== Your assignment ==
Copy each entry below verbatim. Skip the pictures.

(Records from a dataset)

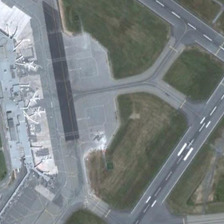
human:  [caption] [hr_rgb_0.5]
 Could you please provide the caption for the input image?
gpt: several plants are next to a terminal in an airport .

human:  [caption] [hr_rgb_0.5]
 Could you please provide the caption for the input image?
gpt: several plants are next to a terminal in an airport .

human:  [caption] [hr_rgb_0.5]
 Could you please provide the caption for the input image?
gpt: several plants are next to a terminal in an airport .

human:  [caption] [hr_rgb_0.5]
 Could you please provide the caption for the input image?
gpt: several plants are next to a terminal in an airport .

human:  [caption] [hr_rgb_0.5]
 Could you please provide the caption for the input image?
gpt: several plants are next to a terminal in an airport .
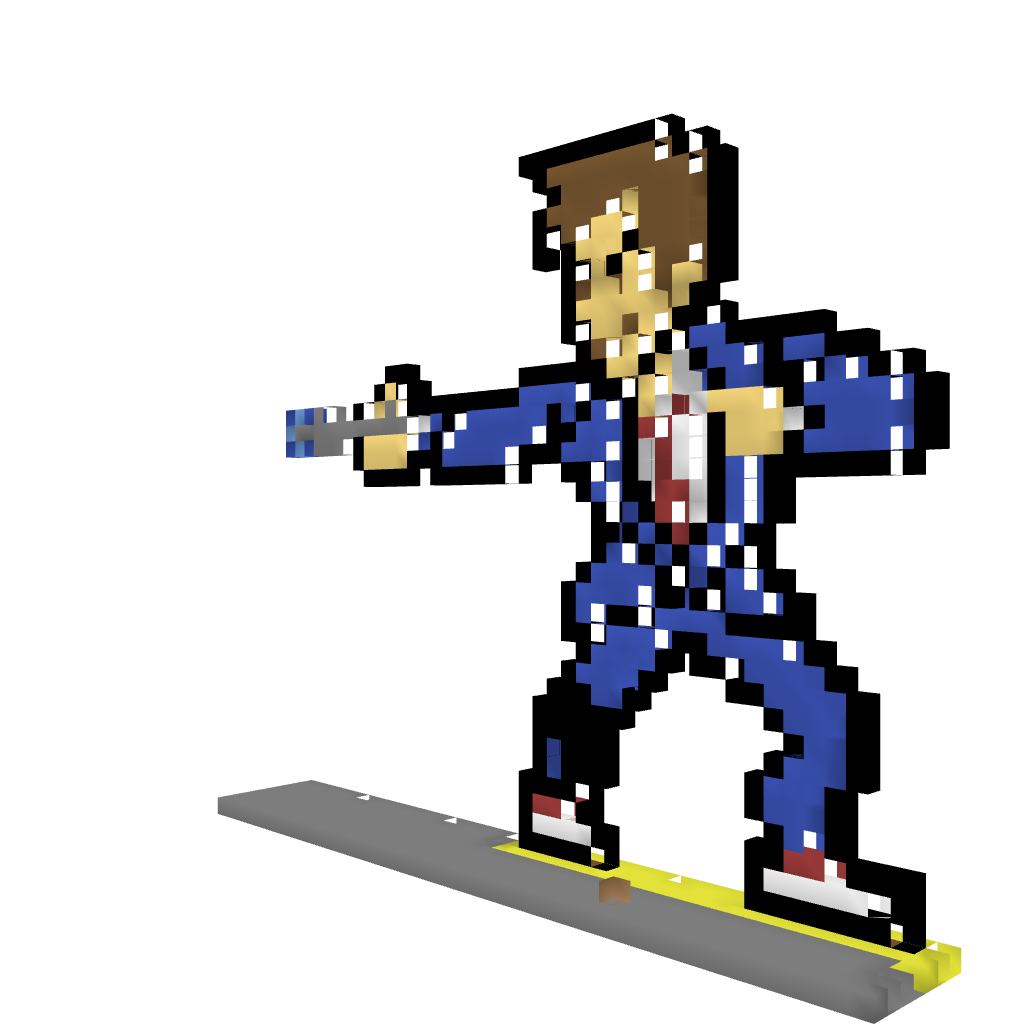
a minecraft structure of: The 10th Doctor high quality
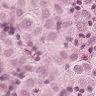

== Solution to this task ==
human:  [caption] [hr_rgb_0.5]
 Could you please provide the caption for the input image?
gpt: several plants are next to a terminal in an airport .

human:  [caption] [hr_rgb_0.5]
 Could you please provide the caption for the input image?
gpt: several plants are next to a terminal in an airport .

human:  [caption] [hr_rgb_0.5]
 Could you please provide the caption for the input image?
gpt: several plants are next to a terminal in an airport .

human:  [caption] [hr_rgb_0.5]
 Could you please provide the caption for the input image?
gpt: several plants are next to a terminal in an airport .

human:  [caption] [hr_rgb_0.5]
 Could you please provide the caption for the input image?
gpt: several plants are next to a terminal in an airport .
a minecraft structure of: The 10th Doctor high quality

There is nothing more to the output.